1893 – Captain Abner Doubleday was born at Ballston Spa, New York, in 1819, and attended schools at Auburn and Cooperstown. He attended West Point, and graduated in 1842 with a commission in the artillery. Doubleday served in the Mexican War and, during the 1850s, in a campaign against the Seminole Indians in Florida. He was promoted to captain in 1853, and was stationed in Charleston Harbor when the crisis at Fort Sumter occurred. As a staunch unionist who strongly opposed slavery and supported Lincoln, Doubleday regarded the Carolinians as traitors. His opinions won him no friends in Charleston. His wife shared his views, and while she was staying i n Washington in mid-March 1861, she was consulted by Lincoln after his cabinet first gave its views about relieving the fort. Lincoln wished to see her husband’s letters so that he could get a fuller picture of the situation at Sumter.

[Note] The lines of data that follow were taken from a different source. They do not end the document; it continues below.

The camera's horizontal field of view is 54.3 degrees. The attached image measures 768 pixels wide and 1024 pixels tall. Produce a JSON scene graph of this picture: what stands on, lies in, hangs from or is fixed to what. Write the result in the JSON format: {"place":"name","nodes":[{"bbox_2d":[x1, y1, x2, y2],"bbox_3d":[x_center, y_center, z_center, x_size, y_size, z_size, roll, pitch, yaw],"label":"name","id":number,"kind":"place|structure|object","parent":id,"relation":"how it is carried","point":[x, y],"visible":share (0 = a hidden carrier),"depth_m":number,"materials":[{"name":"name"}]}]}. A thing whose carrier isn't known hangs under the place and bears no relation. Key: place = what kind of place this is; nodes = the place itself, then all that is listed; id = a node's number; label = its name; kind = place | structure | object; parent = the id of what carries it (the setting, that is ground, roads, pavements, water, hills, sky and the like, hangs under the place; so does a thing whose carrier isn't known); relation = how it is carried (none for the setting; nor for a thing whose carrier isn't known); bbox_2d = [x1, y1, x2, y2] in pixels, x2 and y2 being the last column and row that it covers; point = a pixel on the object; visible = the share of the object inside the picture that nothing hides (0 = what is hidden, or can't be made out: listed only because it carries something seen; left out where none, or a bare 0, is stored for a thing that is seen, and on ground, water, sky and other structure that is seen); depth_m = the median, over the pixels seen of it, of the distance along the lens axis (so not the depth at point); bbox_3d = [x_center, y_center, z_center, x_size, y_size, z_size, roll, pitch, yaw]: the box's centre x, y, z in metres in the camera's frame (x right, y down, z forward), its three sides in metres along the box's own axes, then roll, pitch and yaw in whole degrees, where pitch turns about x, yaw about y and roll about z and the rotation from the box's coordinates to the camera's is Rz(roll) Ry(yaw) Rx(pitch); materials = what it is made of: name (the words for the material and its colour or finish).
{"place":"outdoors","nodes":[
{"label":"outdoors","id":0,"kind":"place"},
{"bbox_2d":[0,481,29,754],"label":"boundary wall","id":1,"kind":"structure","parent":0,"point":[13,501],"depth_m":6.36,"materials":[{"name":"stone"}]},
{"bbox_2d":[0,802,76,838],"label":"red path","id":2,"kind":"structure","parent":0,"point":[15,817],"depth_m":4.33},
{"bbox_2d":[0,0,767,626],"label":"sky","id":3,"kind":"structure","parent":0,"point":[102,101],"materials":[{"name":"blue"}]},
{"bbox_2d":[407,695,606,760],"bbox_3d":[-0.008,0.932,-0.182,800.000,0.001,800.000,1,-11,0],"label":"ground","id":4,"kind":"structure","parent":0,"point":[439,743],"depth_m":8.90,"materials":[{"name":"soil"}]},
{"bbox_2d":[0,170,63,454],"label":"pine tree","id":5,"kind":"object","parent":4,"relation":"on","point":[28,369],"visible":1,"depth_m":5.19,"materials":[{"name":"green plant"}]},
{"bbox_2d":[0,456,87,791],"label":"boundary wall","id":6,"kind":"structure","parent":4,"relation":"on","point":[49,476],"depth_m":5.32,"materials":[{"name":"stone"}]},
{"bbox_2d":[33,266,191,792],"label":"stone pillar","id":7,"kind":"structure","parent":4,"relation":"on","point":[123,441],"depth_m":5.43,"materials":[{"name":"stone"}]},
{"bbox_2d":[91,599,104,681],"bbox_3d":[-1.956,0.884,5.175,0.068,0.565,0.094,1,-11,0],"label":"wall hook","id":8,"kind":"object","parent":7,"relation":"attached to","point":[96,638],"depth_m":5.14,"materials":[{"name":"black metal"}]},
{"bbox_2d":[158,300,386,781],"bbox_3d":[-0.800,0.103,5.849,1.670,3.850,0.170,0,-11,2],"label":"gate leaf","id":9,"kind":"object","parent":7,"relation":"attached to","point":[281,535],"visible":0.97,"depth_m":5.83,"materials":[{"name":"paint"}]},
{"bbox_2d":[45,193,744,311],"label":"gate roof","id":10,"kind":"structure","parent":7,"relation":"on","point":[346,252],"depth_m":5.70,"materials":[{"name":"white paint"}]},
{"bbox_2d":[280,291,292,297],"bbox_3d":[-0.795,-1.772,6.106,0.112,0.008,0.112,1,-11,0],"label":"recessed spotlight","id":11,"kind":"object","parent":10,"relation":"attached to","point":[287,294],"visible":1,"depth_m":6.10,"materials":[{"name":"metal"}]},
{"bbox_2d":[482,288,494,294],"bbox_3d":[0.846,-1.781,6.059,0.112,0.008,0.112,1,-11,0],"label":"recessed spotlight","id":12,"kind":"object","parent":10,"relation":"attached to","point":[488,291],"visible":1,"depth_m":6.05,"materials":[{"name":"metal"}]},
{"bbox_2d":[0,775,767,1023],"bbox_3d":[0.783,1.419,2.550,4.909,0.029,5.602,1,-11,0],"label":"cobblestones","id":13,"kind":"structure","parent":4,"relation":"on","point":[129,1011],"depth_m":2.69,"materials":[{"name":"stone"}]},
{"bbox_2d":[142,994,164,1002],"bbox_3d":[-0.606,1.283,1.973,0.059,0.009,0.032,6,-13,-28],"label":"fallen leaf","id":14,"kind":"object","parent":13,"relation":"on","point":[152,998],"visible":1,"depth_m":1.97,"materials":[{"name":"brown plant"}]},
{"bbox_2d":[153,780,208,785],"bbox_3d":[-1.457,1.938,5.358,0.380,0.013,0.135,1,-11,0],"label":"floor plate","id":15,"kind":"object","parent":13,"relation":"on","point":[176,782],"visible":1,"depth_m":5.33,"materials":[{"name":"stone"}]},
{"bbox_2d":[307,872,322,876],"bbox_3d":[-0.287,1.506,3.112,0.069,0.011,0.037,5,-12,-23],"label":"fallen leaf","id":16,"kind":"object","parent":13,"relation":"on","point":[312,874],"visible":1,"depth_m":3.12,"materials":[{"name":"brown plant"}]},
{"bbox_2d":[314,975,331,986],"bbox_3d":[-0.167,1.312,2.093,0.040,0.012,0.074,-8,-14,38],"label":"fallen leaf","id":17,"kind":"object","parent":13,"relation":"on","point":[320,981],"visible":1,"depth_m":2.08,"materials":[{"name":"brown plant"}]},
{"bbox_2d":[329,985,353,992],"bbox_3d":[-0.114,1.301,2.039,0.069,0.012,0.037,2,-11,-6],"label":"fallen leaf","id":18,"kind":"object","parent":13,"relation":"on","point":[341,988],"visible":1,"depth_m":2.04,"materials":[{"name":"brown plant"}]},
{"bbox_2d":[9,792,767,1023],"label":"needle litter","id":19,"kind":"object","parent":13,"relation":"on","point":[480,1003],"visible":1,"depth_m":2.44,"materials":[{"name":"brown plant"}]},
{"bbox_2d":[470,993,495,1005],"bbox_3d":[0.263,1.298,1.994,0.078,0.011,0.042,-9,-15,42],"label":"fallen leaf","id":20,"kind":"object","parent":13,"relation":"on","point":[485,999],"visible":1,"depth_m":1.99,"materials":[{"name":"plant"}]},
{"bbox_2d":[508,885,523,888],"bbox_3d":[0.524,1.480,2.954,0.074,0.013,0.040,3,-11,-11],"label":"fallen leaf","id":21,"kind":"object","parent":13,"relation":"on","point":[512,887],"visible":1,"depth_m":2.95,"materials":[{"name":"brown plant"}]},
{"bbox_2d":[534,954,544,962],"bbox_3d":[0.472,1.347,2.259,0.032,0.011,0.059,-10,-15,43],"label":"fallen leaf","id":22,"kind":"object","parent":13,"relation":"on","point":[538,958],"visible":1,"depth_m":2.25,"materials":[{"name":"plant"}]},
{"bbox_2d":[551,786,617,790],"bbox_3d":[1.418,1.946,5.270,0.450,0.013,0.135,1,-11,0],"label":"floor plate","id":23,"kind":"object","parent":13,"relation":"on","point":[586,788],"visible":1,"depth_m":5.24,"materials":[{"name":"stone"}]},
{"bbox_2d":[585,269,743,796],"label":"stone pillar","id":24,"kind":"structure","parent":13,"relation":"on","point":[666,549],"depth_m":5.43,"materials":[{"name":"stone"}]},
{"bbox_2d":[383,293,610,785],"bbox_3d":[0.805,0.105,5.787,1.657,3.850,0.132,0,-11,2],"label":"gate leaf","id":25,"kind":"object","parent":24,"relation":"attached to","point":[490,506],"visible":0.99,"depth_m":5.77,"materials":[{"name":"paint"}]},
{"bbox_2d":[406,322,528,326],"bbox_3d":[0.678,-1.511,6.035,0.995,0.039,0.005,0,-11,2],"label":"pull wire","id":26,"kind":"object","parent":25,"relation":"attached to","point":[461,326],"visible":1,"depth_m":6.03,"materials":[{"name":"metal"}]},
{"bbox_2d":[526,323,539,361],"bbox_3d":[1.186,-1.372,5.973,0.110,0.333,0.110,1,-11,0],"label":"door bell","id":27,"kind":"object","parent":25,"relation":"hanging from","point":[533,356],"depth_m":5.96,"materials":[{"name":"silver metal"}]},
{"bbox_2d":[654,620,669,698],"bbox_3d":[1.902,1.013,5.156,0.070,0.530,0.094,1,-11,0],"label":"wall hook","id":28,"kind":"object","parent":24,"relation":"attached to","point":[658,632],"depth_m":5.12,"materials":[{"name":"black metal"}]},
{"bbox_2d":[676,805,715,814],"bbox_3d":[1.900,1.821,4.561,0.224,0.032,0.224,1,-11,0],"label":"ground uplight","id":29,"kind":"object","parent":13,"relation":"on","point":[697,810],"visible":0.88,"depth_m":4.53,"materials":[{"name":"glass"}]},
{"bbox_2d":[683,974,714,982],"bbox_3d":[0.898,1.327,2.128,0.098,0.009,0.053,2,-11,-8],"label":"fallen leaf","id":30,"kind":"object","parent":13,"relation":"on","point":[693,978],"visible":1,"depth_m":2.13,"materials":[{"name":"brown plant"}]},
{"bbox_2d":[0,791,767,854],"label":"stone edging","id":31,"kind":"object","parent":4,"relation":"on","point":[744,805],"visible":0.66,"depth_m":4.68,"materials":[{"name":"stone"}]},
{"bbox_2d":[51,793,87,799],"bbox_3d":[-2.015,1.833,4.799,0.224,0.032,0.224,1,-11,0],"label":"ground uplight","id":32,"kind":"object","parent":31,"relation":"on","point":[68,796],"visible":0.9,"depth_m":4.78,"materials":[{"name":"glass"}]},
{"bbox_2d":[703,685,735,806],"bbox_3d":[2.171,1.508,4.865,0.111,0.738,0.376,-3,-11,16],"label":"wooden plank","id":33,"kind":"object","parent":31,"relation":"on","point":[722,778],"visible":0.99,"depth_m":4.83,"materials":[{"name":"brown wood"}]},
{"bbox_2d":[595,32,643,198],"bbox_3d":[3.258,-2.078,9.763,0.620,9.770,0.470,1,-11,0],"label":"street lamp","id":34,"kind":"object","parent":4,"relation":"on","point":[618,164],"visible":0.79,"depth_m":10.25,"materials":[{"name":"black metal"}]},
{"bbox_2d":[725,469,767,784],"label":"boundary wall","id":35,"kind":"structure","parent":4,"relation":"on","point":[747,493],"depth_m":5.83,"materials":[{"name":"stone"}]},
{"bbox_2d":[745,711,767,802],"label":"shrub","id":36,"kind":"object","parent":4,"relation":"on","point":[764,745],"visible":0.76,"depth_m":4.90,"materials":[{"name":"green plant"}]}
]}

After the surrender of Sumter, Doubleday served in numerous campaigns throughout the Civil War, and was promoted to lieutenant colonel in 1863. After the war, he attained the rank of colonel before retiring from active service in December 1873. He then made his home in Mendham, New Jersey, where he died in January 1893. He was buried in Arlington National Cemetery. Doubleday has often been credited with inventing the game of baseball in 1839 at Cooperstown, New York, now the location of the baseball’s Hall of Fame. This claim appears to date from the late nineteenth century, when baseball owners tried to disassociate the game from any connection to the English game of rounders. The assertion that Doubleday invented baseball is almost certainly untrue. Doubleday was not at Cooperstown in 1839; he never referred to the game, much less claimed that he invented it, and his obituary in the New York Times did not mention baseball, either.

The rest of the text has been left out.